◆ Data for analysis
+--
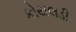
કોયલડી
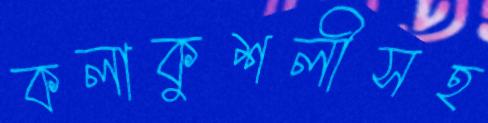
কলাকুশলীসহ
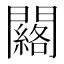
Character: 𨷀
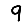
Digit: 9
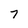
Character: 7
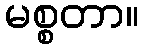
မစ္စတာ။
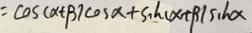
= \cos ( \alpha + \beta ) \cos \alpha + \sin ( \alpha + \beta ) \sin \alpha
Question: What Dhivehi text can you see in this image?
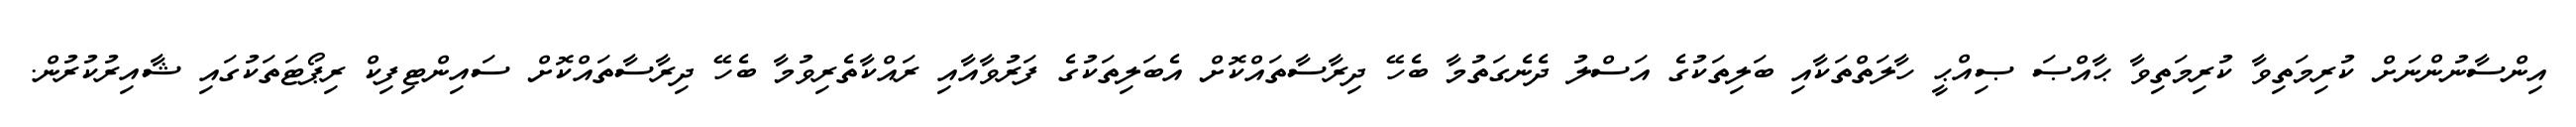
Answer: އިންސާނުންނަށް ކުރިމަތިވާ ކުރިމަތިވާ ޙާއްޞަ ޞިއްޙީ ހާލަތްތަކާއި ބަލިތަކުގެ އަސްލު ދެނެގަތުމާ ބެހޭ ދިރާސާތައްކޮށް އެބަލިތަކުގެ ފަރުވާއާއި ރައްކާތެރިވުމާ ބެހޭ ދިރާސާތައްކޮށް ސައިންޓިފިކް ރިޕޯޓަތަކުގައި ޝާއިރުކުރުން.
+--
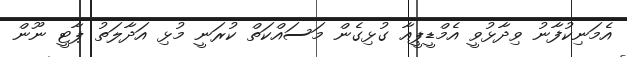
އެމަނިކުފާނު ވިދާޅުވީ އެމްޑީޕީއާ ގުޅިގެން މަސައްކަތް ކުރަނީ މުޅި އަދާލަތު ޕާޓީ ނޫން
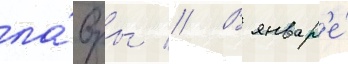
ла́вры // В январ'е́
+--
◆ Task description
Leaving each picture behind, please give again exactly the lines above from the one with "Character: 𨷀" through the one with "Answer: އިންސާނުންނަށް ކުރިމަތިވާ", both included, and no others.

◆ Response below
Character: 𨷀
Digit: 9
Character: 7
မစ္စတာ။
= \cos ( \alpha + \beta ) \cos \alpha + \sin ( \alpha + \beta ) \sin \alpha
Question: What Dhivehi text can you see in this image?
Answer: އިންސާނުންނަށް ކުރިމަތިވާ ކުރިމަތިވާ ޙާއްޞަ ޞިއްޙީ ހާލަތްތަކާއި ބަލިތަކުގެ އަސްލު ދެނެގަތުމާ ބެހޭ ދިރާސާތައްކޮށް އެބަލިތަކުގެ ފަރުވާއާއި ރައްކާތެރިވުމާ ބެހޭ ދިރާސާތައްކޮށް ސައިންޓިފިކް ރިޕޯޓަތަކުގައި ޝާއިރުކުރުން.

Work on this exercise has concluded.